Description of the task: What lines of the data below hold the string "text"? Copy each one out.

START Input records

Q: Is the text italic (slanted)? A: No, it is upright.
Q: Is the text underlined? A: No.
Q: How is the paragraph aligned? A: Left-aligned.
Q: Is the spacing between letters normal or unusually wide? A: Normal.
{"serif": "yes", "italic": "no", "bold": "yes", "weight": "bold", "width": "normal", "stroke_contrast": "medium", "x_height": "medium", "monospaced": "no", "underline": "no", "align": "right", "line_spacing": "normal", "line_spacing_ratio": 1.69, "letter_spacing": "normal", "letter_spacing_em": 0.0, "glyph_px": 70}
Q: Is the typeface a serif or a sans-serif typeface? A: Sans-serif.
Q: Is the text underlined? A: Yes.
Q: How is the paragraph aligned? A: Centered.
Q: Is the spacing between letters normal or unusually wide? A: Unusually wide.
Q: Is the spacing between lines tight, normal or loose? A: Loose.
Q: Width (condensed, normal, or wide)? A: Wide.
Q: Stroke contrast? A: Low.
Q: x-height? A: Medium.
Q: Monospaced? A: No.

END Input records
START Input records

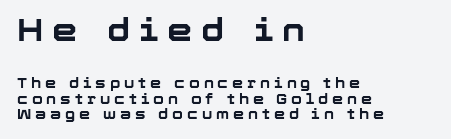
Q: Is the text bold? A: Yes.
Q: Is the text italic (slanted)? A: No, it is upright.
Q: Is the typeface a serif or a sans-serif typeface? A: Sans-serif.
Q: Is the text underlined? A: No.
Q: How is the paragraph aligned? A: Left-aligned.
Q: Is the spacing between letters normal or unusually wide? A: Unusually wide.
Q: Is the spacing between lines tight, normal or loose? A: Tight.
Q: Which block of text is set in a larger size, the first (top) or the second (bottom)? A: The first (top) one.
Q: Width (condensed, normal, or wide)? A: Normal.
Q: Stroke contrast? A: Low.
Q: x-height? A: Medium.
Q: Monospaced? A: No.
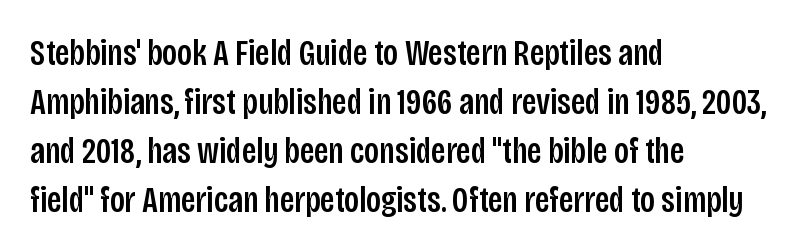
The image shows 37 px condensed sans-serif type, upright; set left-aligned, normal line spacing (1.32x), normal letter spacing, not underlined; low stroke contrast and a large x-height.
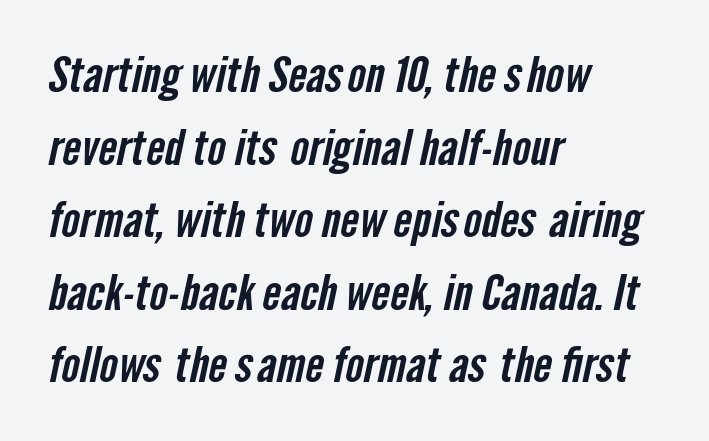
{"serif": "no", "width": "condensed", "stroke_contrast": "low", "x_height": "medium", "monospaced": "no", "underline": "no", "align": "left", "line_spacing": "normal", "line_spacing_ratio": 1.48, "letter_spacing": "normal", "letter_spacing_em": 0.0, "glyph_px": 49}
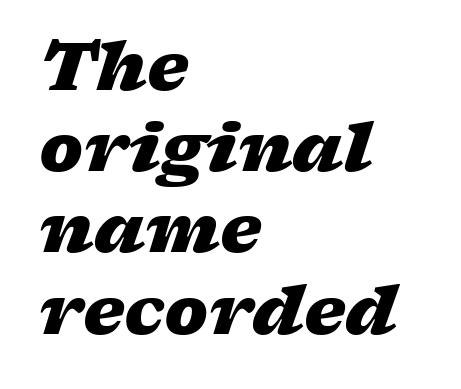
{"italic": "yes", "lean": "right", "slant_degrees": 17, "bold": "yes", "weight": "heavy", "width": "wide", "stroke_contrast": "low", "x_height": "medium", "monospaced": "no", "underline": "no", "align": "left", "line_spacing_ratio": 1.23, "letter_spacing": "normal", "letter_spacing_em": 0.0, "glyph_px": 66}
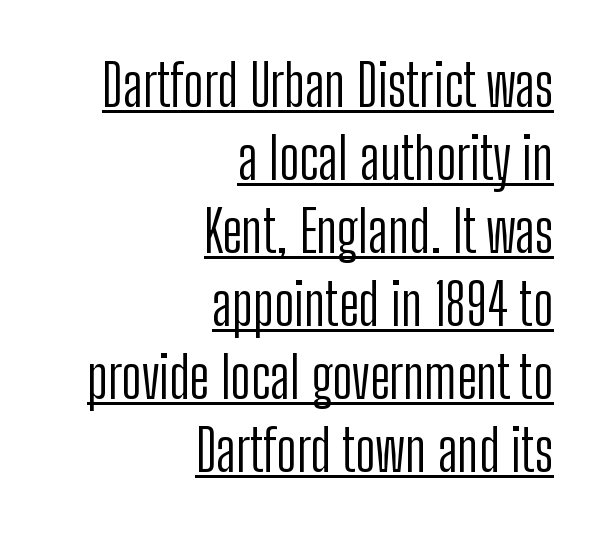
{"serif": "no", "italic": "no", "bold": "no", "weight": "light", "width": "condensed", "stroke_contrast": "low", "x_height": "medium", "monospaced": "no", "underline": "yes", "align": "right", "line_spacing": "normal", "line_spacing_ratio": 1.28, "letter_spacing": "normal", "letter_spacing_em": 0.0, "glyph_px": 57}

END Input records

Solution:
Q: Is the text italic (slanted)? A: No, it is upright.
Q: Is the text underlined? A: No.
Q: Is the text underlined? A: Yes.
Q: Is the text bold? A: Yes.
Q: Is the text italic (slanted)? A: No, it is upright.
Q: Is the text underlined? A: No.
Q: Which block of text is set in a larger size, the first (top) or the second (bottom)? A: The first (top) one.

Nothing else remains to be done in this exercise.